A person with a learning disability has a reduced ability to understand new or complex information, a difficulty in learning new skills, and may be unable to cope independently. These disabilities must have started before adulthood and have a lasting effect on development. The person should be able to qualify for specialist services and he or she may have had special educational provision.

The Department of Health adopted the term 'learning disability' in 1992. It has the same meaning as its predecessor 'mental handicap' but it is seen as more acceptable, particularly in reducing the confusion with mental illness.

In determining eligibility in a case where there has been no previous contact with specialist services a local authority should normally require independent medical advice, or check any register of people with learning disabilities which might be held by the Social Services Department of the applicant's local council.

Under Section 92 of the Road Traffic Act 1988 the Secretary of State may refuse to issue a driving licence on the grounds of the applicant's medical fitness. Those who are currently barred from holding a licence are people with:
a. epilepsy (unless it is of a type which does not pose a danger - see below);
b. severe mental disorder;
c. liability to sudden attacks of giddiness or fainting (whether as a result of cardiac disorder or otherwise);
d. inability to read a registration plate in good light at 20.5 metres (with lenses if worn);
e. other disabilities which are likely to cause the driving of vehicles by them to be a source of danger to the public.

It will be seen that specific reference is made to people who persistently misuse drugs or alcohol. Those people are not covered by the definition of 'disabled person' under the 2000 Act and are thus not entitled to the statutory minimum travel concession.

It is not a condition of entitlement under this category that the disabled person should apply for and be refused a driving licence (which would be unduly burdensome for everyone involved). If, for people with any of the disabilities (b) - (d) listed above, the local authority can be confident that a licence would be refused it should therefore be able to issue the travel pass automatically. For (a) epilepsy - the bar is not automatic and depends on the circumstances.

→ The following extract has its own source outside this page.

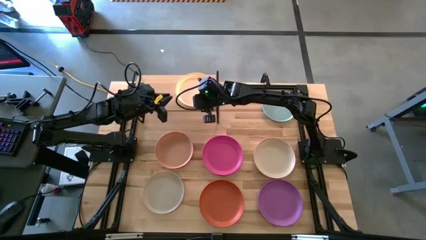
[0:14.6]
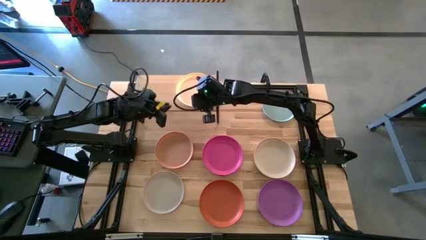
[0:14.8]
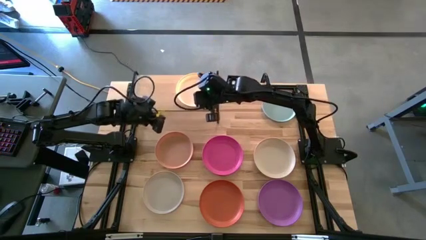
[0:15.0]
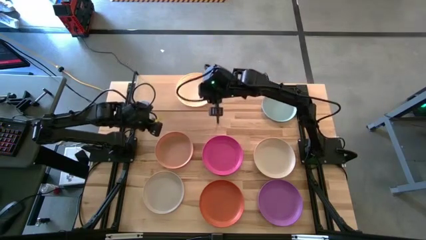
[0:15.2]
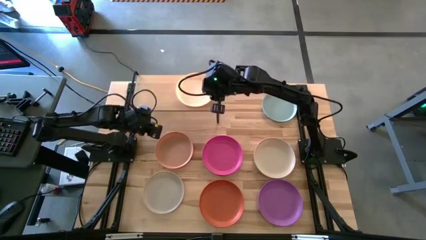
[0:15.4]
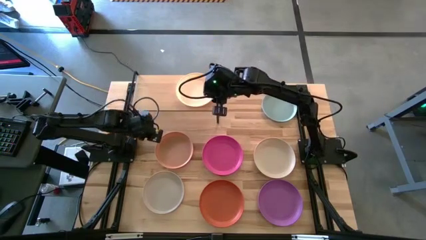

The Motor Vehicles (Driving Licences) (Amendment) Regulations 2013 (SI 2013/258) permit the grant of a driving licence to a person with epilepsy if that person meets a number of conditions concerning the type and frequency of their seizures.1
1 See the Motor Vehicle (Driving Licences) Regulations (S.I. 1999/2864) (as amended).

There are a number of categories of "severe mental disorder" under which people may qualify. Authorities will need to assess individuals on a case-by-case basis as eligibility may depend on the severity of the condition. Such conditions include (but are not limited to) dementia (or any organic brain syndrome); behaviour disorders (including post head injury syndrome and Non-Epileptic Seizure Disorder); and personality disorders.

Other groups include:
a. People with restricted visual fields, who will be refused a licence if they do not have a horizontal field of vision of at least 120 degrees, or if they have significant scotoma encroaching within 20 degrees of the central fixation point in any meridian or, sometimes, if they have restricted vertical fields of vision; and
b. People with insulin-dependent diabetes: In general people with insulin dependent diabetes can continue to drive - though their licence may be renewable on a 1, 2, or 3-yearly basis. However, where the person experiences disabling hypoglycaemia they will be prevented from driving until their diabetes is controlled.

The above list is not comprehensive. Any person with a cardiac, locomotor, renal or neurological disorder might qualify. Where there is doubt about whether someone would be refused a driving licence, the local authority is strongly advised to seek independent medical advice.